WHAT YOU ARE ASKED TO DO. Check every line below for the string "viewBox", and copy the lines that contain it.

[Records from a data source]
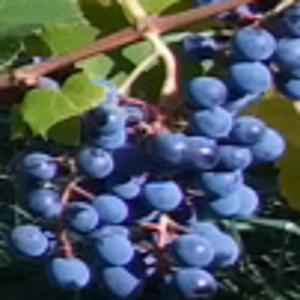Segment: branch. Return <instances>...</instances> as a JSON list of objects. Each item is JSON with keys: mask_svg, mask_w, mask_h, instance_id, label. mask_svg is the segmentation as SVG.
<instances>
[{"mask_svg": "<svg viewBox=\"0 0 300 300\" xmlns=\"http://www.w3.org/2000/svg\"><path fill=\"white\" fill-rule=\"evenodd\" d=\"M244 0H218L205 6L180 13L174 17L144 25H137L96 42L74 48L53 61L39 63L26 70L10 73L0 78V89L9 90L15 86L30 83L39 77L58 74L78 61L113 52L121 46L129 45L136 40L148 38L152 34L169 33L185 26L199 23L222 13H228L242 7Z\"/></svg>", "mask_w": 300, "mask_h": 300, "instance_id": "1", "label": "branch"}]
</instances>
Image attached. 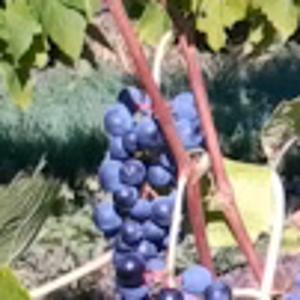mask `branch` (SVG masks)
I'll use <instances>...</instances> for the list:
<instances>
[{"label": "branch", "mask_w": 300, "mask_h": 300, "mask_svg": "<svg viewBox=\"0 0 300 300\" xmlns=\"http://www.w3.org/2000/svg\"><path fill=\"white\" fill-rule=\"evenodd\" d=\"M105 6L114 18L117 30L127 47L130 59L136 71L142 89L146 94L159 127L163 131L164 140L177 161L179 171L186 170L187 178V209L190 215L191 237L198 262L206 269L216 264L212 255L206 232L205 211L202 205V183L198 163L189 158L177 138V126L174 124L166 99L152 76V70L145 54L142 42L134 31L131 17L120 0H106Z\"/></svg>", "instance_id": "1"}, {"label": "branch", "mask_w": 300, "mask_h": 300, "mask_svg": "<svg viewBox=\"0 0 300 300\" xmlns=\"http://www.w3.org/2000/svg\"><path fill=\"white\" fill-rule=\"evenodd\" d=\"M175 36L180 57L183 61L190 89L192 91L196 121L206 145V162L215 190L220 196L219 210L225 219L226 225L234 233L239 244L250 259L257 279L266 274V268L259 259L256 250L249 239L241 221L235 203V190L228 177L221 158V142L219 140L209 107V99L205 78L197 58L198 44L192 39L189 18L179 13L174 18Z\"/></svg>", "instance_id": "2"}]
</instances>
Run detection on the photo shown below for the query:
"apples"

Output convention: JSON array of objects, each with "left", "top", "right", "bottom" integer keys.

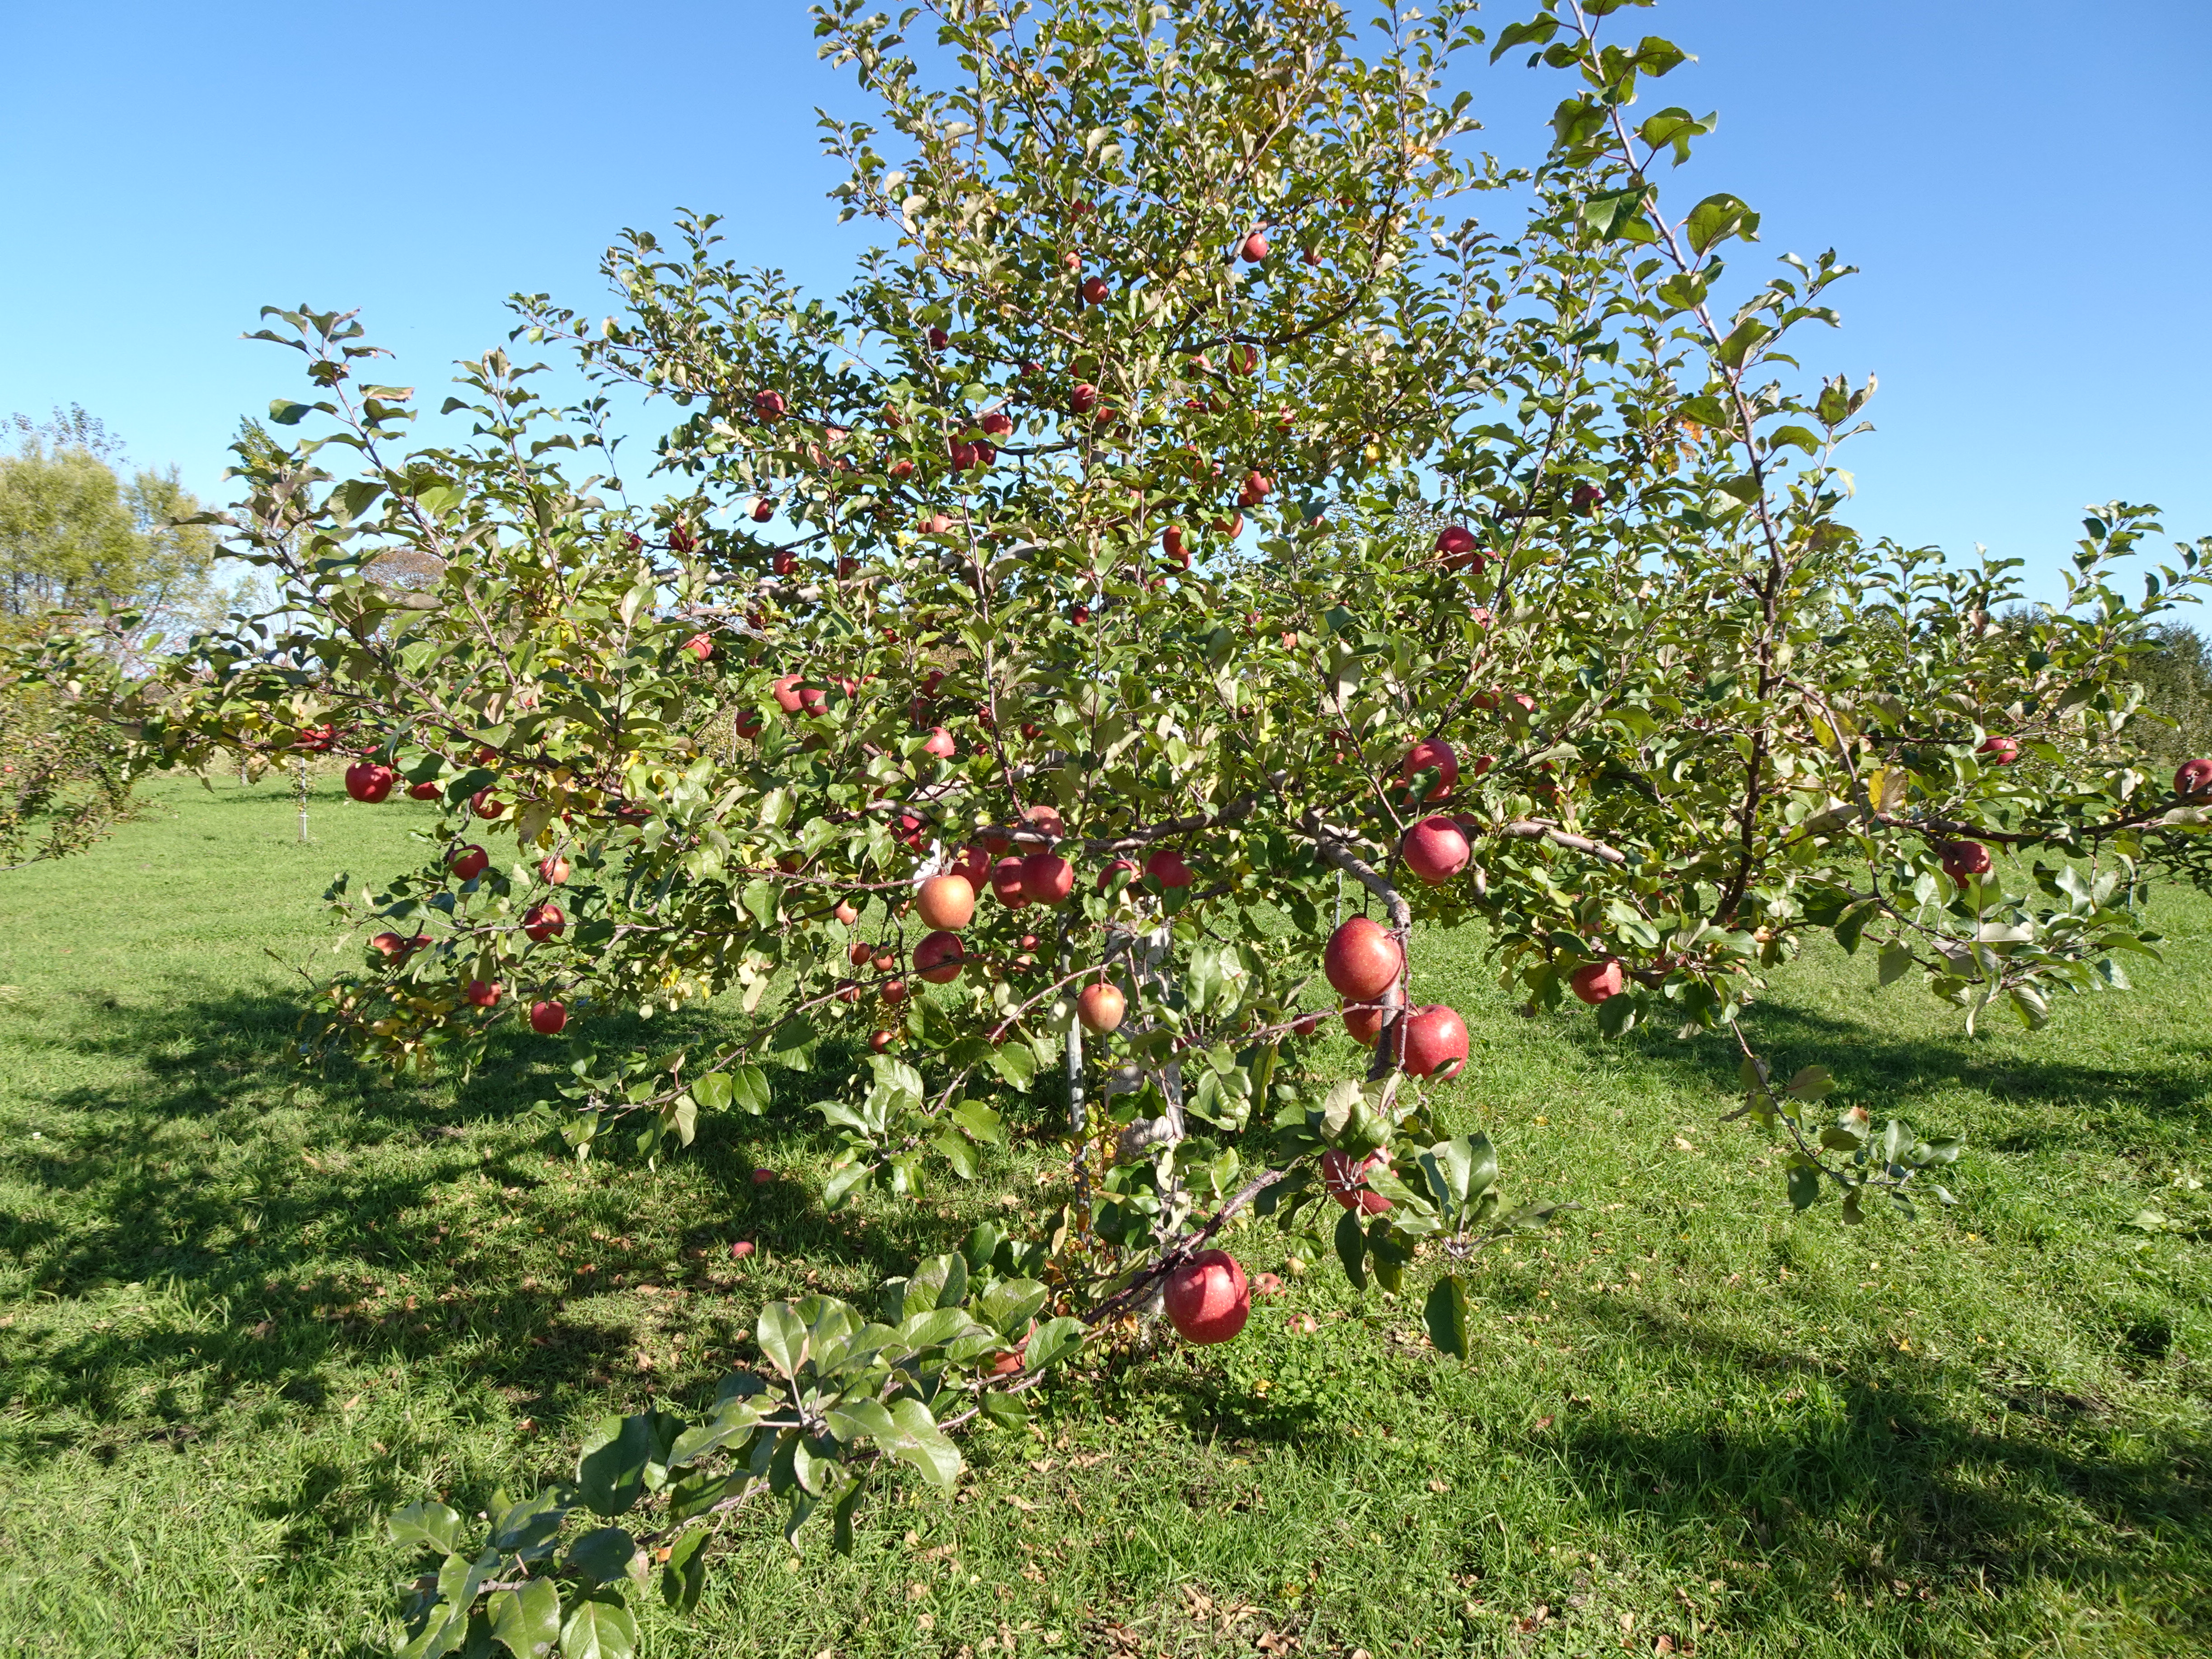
[
  {"left": 1146, "top": 847, "right": 1196, "bottom": 900},
  {"left": 465, "top": 685, "right": 475, "bottom": 695},
  {"left": 925, "top": 326, "right": 950, "bottom": 352},
  {"left": 1094, "top": 390, "right": 1121, "bottom": 422},
  {"left": 1272, "top": 621, "right": 1311, "bottom": 663},
  {"left": 1239, "top": 233, "right": 1268, "bottom": 265},
  {"left": 619, "top": 795, "right": 658, "bottom": 838},
  {"left": 771, "top": 670, "right": 815, "bottom": 717},
  {"left": 1022, "top": 934, "right": 1040, "bottom": 951},
  {"left": 1648, "top": 942, "right": 1687, "bottom": 969},
  {"left": 750, "top": 497, "right": 777, "bottom": 523},
  {"left": 977, "top": 822, "right": 1017, "bottom": 854},
  {"left": 1242, "top": 461, "right": 1279, "bottom": 495},
  {"left": 1502, "top": 695, "right": 1535, "bottom": 729},
  {"left": 1569, "top": 761, "right": 1594, "bottom": 790},
  {"left": 346, "top": 760, "right": 394, "bottom": 803},
  {"left": 1692, "top": 713, "right": 1721, "bottom": 733},
  {"left": 867, "top": 1025, "right": 899, "bottom": 1055},
  {"left": 1473, "top": 753, "right": 1500, "bottom": 779},
  {"left": 1243, "top": 607, "right": 1274, "bottom": 641},
  {"left": 1569, "top": 950, "right": 1623, "bottom": 1007},
  {"left": 581, "top": 1260, "right": 600, "bottom": 1279},
  {"left": 1976, "top": 735, "right": 2018, "bottom": 767},
  {"left": 1073, "top": 1210, "right": 1105, "bottom": 1238},
  {"left": 530, "top": 999, "right": 567, "bottom": 1034},
  {"left": 1162, "top": 522, "right": 1198, "bottom": 560},
  {"left": 1301, "top": 241, "right": 1324, "bottom": 267},
  {"left": 1661, "top": 888, "right": 1687, "bottom": 915},
  {"left": 1903, "top": 769, "right": 1934, "bottom": 796},
  {"left": 915, "top": 517, "right": 942, "bottom": 539},
  {"left": 1236, "top": 482, "right": 1262, "bottom": 515},
  {"left": 1591, "top": 759, "right": 1612, "bottom": 780},
  {"left": 676, "top": 628, "right": 713, "bottom": 661},
  {"left": 1446, "top": 810, "right": 1480, "bottom": 844},
  {"left": 1684, "top": 664, "right": 1709, "bottom": 683},
  {"left": 578, "top": 790, "right": 603, "bottom": 811},
  {"left": 1286, "top": 1313, "right": 1318, "bottom": 1346},
  {"left": 1942, "top": 841, "right": 1991, "bottom": 891},
  {"left": 1018, "top": 853, "right": 1074, "bottom": 906},
  {"left": 1071, "top": 382, "right": 1104, "bottom": 415},
  {"left": 1053, "top": 964, "right": 1077, "bottom": 989},
  {"left": 780, "top": 883, "right": 805, "bottom": 910},
  {"left": 554, "top": 805, "right": 580, "bottom": 823},
  {"left": 1471, "top": 549, "right": 1511, "bottom": 589},
  {"left": 969, "top": 736, "right": 999, "bottom": 762},
  {"left": 824, "top": 454, "right": 852, "bottom": 484},
  {"left": 1415, "top": 862, "right": 1448, "bottom": 889},
  {"left": 1363, "top": 430, "right": 1383, "bottom": 460},
  {"left": 447, "top": 844, "right": 491, "bottom": 884},
  {"left": 1025, "top": 907, "right": 1044, "bottom": 925},
  {"left": 1330, "top": 746, "right": 1364, "bottom": 773},
  {"left": 406, "top": 778, "right": 449, "bottom": 800},
  {"left": 1469, "top": 649, "right": 1498, "bottom": 676},
  {"left": 994, "top": 856, "right": 1034, "bottom": 910},
  {"left": 479, "top": 741, "right": 511, "bottom": 772},
  {"left": 1020, "top": 709, "right": 1049, "bottom": 743},
  {"left": 920, "top": 669, "right": 955, "bottom": 705},
  {"left": 882, "top": 400, "right": 917, "bottom": 429},
  {"left": 912, "top": 727, "right": 957, "bottom": 770},
  {"left": 1322, "top": 1139, "right": 1404, "bottom": 1217},
  {"left": 827, "top": 886, "right": 863, "bottom": 929},
  {"left": 1082, "top": 276, "right": 1111, "bottom": 307},
  {"left": 1119, "top": 489, "right": 1148, "bottom": 515},
  {"left": 845, "top": 939, "right": 872, "bottom": 967},
  {"left": 817, "top": 424, "right": 852, "bottom": 451},
  {"left": 1096, "top": 857, "right": 1144, "bottom": 908},
  {"left": 879, "top": 811, "right": 935, "bottom": 859},
  {"left": 1176, "top": 352, "right": 1214, "bottom": 390},
  {"left": 414, "top": 933, "right": 432, "bottom": 953},
  {"left": 1053, "top": 248, "right": 1082, "bottom": 281},
  {"left": 882, "top": 447, "right": 919, "bottom": 478},
  {"left": 1082, "top": 569, "right": 1106, "bottom": 591},
  {"left": 871, "top": 945, "right": 896, "bottom": 972},
  {"left": 1163, "top": 1248, "right": 1252, "bottom": 1345},
  {"left": 953, "top": 840, "right": 996, "bottom": 891},
  {"left": 1457, "top": 606, "right": 1493, "bottom": 638},
  {"left": 1687, "top": 645, "right": 1709, "bottom": 661},
  {"left": 879, "top": 978, "right": 904, "bottom": 1006},
  {"left": 754, "top": 389, "right": 785, "bottom": 423},
  {"left": 1070, "top": 353, "right": 1099, "bottom": 383},
  {"left": 966, "top": 948, "right": 993, "bottom": 969},
  {"left": 1753, "top": 924, "right": 1774, "bottom": 945},
  {"left": 800, "top": 671, "right": 856, "bottom": 723},
  {"left": 880, "top": 624, "right": 900, "bottom": 647},
  {"left": 1538, "top": 754, "right": 1565, "bottom": 778},
  {"left": 1645, "top": 870, "right": 1676, "bottom": 896},
  {"left": 1542, "top": 546, "right": 1564, "bottom": 567},
  {"left": 1323, "top": 919, "right": 1404, "bottom": 1005},
  {"left": 359, "top": 743, "right": 406, "bottom": 781},
  {"left": 465, "top": 978, "right": 504, "bottom": 1007},
  {"left": 1005, "top": 1314, "right": 1037, "bottom": 1350},
  {"left": 1290, "top": 1012, "right": 1318, "bottom": 1036},
  {"left": 975, "top": 705, "right": 1010, "bottom": 736},
  {"left": 1405, "top": 738, "right": 1458, "bottom": 803},
  {"left": 850, "top": 587, "right": 882, "bottom": 612},
  {"left": 1212, "top": 1009, "right": 1251, "bottom": 1042},
  {"left": 472, "top": 786, "right": 509, "bottom": 820},
  {"left": 516, "top": 1415, "right": 544, "bottom": 1437},
  {"left": 1067, "top": 194, "right": 1104, "bottom": 231},
  {"left": 1176, "top": 1033, "right": 1201, "bottom": 1057},
  {"left": 1719, "top": 947, "right": 1745, "bottom": 973},
  {"left": 945, "top": 440, "right": 981, "bottom": 473},
  {"left": 1473, "top": 684, "right": 1501, "bottom": 712},
  {"left": 1141, "top": 568, "right": 1168, "bottom": 597},
  {"left": 1234, "top": 407, "right": 1268, "bottom": 442},
  {"left": 856, "top": 763, "right": 880, "bottom": 789},
  {"left": 982, "top": 412, "right": 1013, "bottom": 445},
  {"left": 837, "top": 984, "right": 862, "bottom": 1008},
  {"left": 912, "top": 927, "right": 966, "bottom": 985},
  {"left": 1230, "top": 704, "right": 1253, "bottom": 722},
  {"left": 956, "top": 563, "right": 991, "bottom": 594},
  {"left": 1401, "top": 815, "right": 1470, "bottom": 883},
  {"left": 1275, "top": 401, "right": 1310, "bottom": 442},
  {"left": 366, "top": 932, "right": 406, "bottom": 967},
  {"left": 1390, "top": 776, "right": 1415, "bottom": 807},
  {"left": 1537, "top": 783, "right": 1572, "bottom": 808},
  {"left": 751, "top": 1165, "right": 777, "bottom": 1193},
  {"left": 776, "top": 852, "right": 808, "bottom": 875},
  {"left": 447, "top": 684, "right": 458, "bottom": 694},
  {"left": 2174, "top": 758, "right": 2212, "bottom": 809},
  {"left": 522, "top": 904, "right": 566, "bottom": 945},
  {"left": 1115, "top": 1316, "right": 1148, "bottom": 1344},
  {"left": 1336, "top": 597, "right": 1353, "bottom": 612},
  {"left": 1134, "top": 351, "right": 1159, "bottom": 374},
  {"left": 1725, "top": 907, "right": 1749, "bottom": 931},
  {"left": 981, "top": 1337, "right": 1036, "bottom": 1390},
  {"left": 1403, "top": 137, "right": 1435, "bottom": 166},
  {"left": 893, "top": 892, "right": 916, "bottom": 918},
  {"left": 1559, "top": 894, "right": 1603, "bottom": 936},
  {"left": 1182, "top": 399, "right": 1210, "bottom": 431},
  {"left": 1038, "top": 1260, "right": 1070, "bottom": 1283},
  {"left": 620, "top": 530, "right": 643, "bottom": 549},
  {"left": 1486, "top": 293, "right": 1508, "bottom": 314},
  {"left": 1393, "top": 1004, "right": 1470, "bottom": 1084},
  {"left": 908, "top": 696, "right": 940, "bottom": 729},
  {"left": 979, "top": 1019, "right": 1008, "bottom": 1052},
  {"left": 1191, "top": 463, "right": 1225, "bottom": 490},
  {"left": 728, "top": 1239, "right": 757, "bottom": 1266},
  {"left": 299, "top": 717, "right": 336, "bottom": 753},
  {"left": 744, "top": 595, "right": 787, "bottom": 630},
  {"left": 914, "top": 601, "right": 949, "bottom": 631},
  {"left": 348, "top": 716, "right": 370, "bottom": 734},
  {"left": 869, "top": 784, "right": 901, "bottom": 811},
  {"left": 520, "top": 692, "right": 538, "bottom": 710},
  {"left": 1227, "top": 344, "right": 1259, "bottom": 379},
  {"left": 731, "top": 710, "right": 766, "bottom": 740},
  {"left": 1570, "top": 483, "right": 1608, "bottom": 521},
  {"left": 1018, "top": 802, "right": 1065, "bottom": 859},
  {"left": 1076, "top": 981, "right": 1126, "bottom": 1036},
  {"left": 927, "top": 515, "right": 954, "bottom": 541},
  {"left": 771, "top": 549, "right": 800, "bottom": 578},
  {"left": 1209, "top": 510, "right": 1244, "bottom": 541},
  {"left": 992, "top": 954, "right": 1033, "bottom": 984},
  {"left": 988, "top": 525, "right": 1010, "bottom": 543},
  {"left": 1177, "top": 445, "right": 1204, "bottom": 481},
  {"left": 851, "top": 674, "right": 887, "bottom": 708},
  {"left": 540, "top": 855, "right": 571, "bottom": 886},
  {"left": 1296, "top": 514, "right": 1329, "bottom": 542},
  {"left": 1069, "top": 606, "right": 1095, "bottom": 628},
  {"left": 1055, "top": 1294, "right": 1085, "bottom": 1325},
  {"left": 791, "top": 442, "right": 831, "bottom": 472},
  {"left": 667, "top": 527, "right": 704, "bottom": 559},
  {"left": 1252, "top": 1274, "right": 1286, "bottom": 1309},
  {"left": 1343, "top": 985, "right": 1407, "bottom": 1049},
  {"left": 834, "top": 556, "right": 862, "bottom": 580},
  {"left": 915, "top": 872, "right": 976, "bottom": 932},
  {"left": 1432, "top": 526, "right": 1477, "bottom": 574},
  {"left": 1021, "top": 362, "right": 1050, "bottom": 391}
]

RESPONSE BELOW.
[{"mask_svg": "<svg viewBox=\"0 0 300 300\" xmlns=\"http://www.w3.org/2000/svg\"><path fill=\"white\" fill-rule=\"evenodd\" d=\"M244 0H218L205 6L180 13L174 17L144 25H137L96 42L74 48L53 61L39 63L26 70L10 73L0 78V89L9 90L15 86L30 83L39 77L58 74L78 61L113 52L121 46L129 45L136 40L148 38L152 34L169 33L185 26L199 23L222 13H228L242 7Z\"/></svg>", "mask_w": 300, "mask_h": 300, "instance_id": "1", "label": "branch"}]
[{"label": "branch", "mask_w": 300, "mask_h": 300, "mask_svg": "<svg viewBox=\"0 0 300 300\" xmlns=\"http://www.w3.org/2000/svg\"><path fill=\"white\" fill-rule=\"evenodd\" d=\"M105 6L114 18L117 30L127 47L130 59L136 71L142 89L146 94L159 127L163 131L164 140L177 161L179 171L186 170L187 178V209L190 215L191 237L198 262L206 269L216 264L212 255L206 232L205 211L202 205V183L198 163L189 158L177 138V126L174 124L166 99L152 76V70L145 54L142 42L134 31L131 17L120 0H106Z\"/></svg>", "instance_id": "1"}, {"label": "branch", "mask_w": 300, "mask_h": 300, "mask_svg": "<svg viewBox=\"0 0 300 300\" xmlns=\"http://www.w3.org/2000/svg\"><path fill=\"white\" fill-rule=\"evenodd\" d=\"M175 36L180 57L183 61L190 89L192 91L196 121L206 145V162L215 190L220 196L219 210L225 219L226 225L234 233L239 244L250 259L257 279L266 274V268L259 259L256 250L249 239L241 221L235 203V190L228 177L221 158V142L219 140L209 107V99L205 78L197 58L198 44L192 39L189 18L179 13L174 18Z\"/></svg>", "instance_id": "2"}]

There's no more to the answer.